Bitcoin's network passed 100,000 blocks remaining until the fifth halving in May 2026. The event is estimated for April 2028 at block 1,050,000, when the block reward drops from 3.125 BTC to 1.5625 BTC. The milestone arrives as Bitcoin hit an all-time high of $126,200 in October 2025, breaking the traditional post-halving rally timeline for the first time. U.S. spot Bitcoin ETFs hold over $100 billion in assets and absorbed more than daily mined supply on strong inflow days, structurally altering the supply-demand equation that defined previous cycles.
The Bitcoin protocol halves the block reward every 210,000 blocks, not every four years. The four-year label is an approximation based on the 10-minute average block time. CoinWarz estimates the halving on April 14, 2028. Swan Bitcoin places it on March 26, 2028. CoinGecko's countdown targets April 17, 2028. The spread reflects fluctuations in mining hash rate, which speeds up or slows down block production.
After this halving, the daily new supply drops to approximately 225 BTC, with approximately 19.9 million BTC already mined. Over 94% of Bitcoin's 21 million cap is in circulation. The marginal supply impact of each successive halving shrinks in absolute terms.
Every previous Bitcoin cycle followed a rough script: halving, supply shock, parabolic rally, blow-off top, multi-year drawdown. The 2024 cycle shattered that sequence. Bitcoin hit an all-time high of approximately $126,200 on October 6, 2025, before the classic post-halving rally window would have predicted the peak, according to BeInCrypto's cycle analysis. This was the first time in Bitcoin's history that a new all-time high arrived before the typical timing window.

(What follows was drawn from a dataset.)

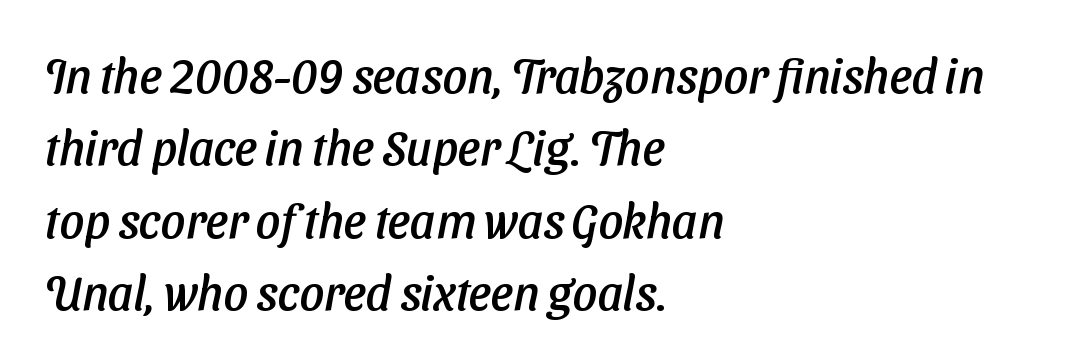
You could call the tracking neutral — neither tight nor loose. Evenly set lines give the paragraph a standard silhouette. No feet cap the strokes, marking this as sans-serif type. Here the designer chose a conventional face with non-uniform glyph widths. The lines in this sample share a left origin and differ only in where they stop.

Spot Bitcoin ETFs, approved in January 2024, are the primary explanation. U.S. spot ETFs now hold over $100 billion in assets and collectively manage more than 1.3 million BTC, according to data cited by TECHi. On April 6, 2026, ETFs recorded $471 million in single-day net inflows, dwarfing the approximately $40 million worth of BTC mined daily at current prices.
The traditional halving cycle model assumed retail-driven demand responding to supply shocks. The ETF era introduces a different buyer profile: financial advisers allocating 1% to 5% of client portfolios, pension funds testing digital asset exposure, and family offices building positions that do not panic-sell on 20% drawdowns the way retail speculators historically have.
BeInCrypto argues the cycle has "evolved rather than vanished," noting that Bitcoin's October 2025 peak and early 2026 correction still partly fit the four-year timing pattern. The halving remains the supply anchor, but ETF flows, MVRV ratios, and stablecoin liquidity now matter as much as the block reward schedule.
TradingKey's February 2026 analysis takes a harder line, arguing the four-year cycle may have reached its natural conclusion as a deterministic price model. Their case rests on two data points: the 2024 halving reduced the block reward by a smaller absolute amount than any prior halving, weakening the supply-shock narrative, and Bitcoin's market capitalization now exceeds $1.5 trillion, requiring far more capital to move the price than in 2016 or 2020.
Caleb & Brown's 2026 analysis frames the shift differently. The conversation has moved from "supply shocks" to mining sustainability, as miners increasingly rely on transaction fees to offset rising energy costs from global AI data center competition.
The CLARITY Act's potential passage could formalize Bitcoin's status as a digital commodity under CFTC jurisdiction, removing regulatory ambiguity that has deterred some institutional allocators. FinanceFeeds has covered how the bill's progress directly affects institutional price targets for major crypto assets.
Grayscale's estimate that less than 0.5% of U.S.-advised wealth is currently in crypto as of early 2026 suggests that even modest institutional reallocation could dwarf the supply impact of the halving itself.
When is Bitcoin's next halving?
Bitcoin's fifth halving is estimated for April 2028 at block 1,050,000, when the block reward will drop from 3.125 BTC to 1.5625 BTC per block.
Why did Bitcoin hit a high before the expected cycle peak?
Spot Bitcoin ETFs approved in January 2024 front-loaded institutional demand, pushing the price to $126,200 in October 2025 ahead of schedule.
How much do Bitcoin ETFs hold?
U.S. spot Bitcoin ETFs collectively manage over $100 billion in assets and more than 1.3 million BTC as of early 2026.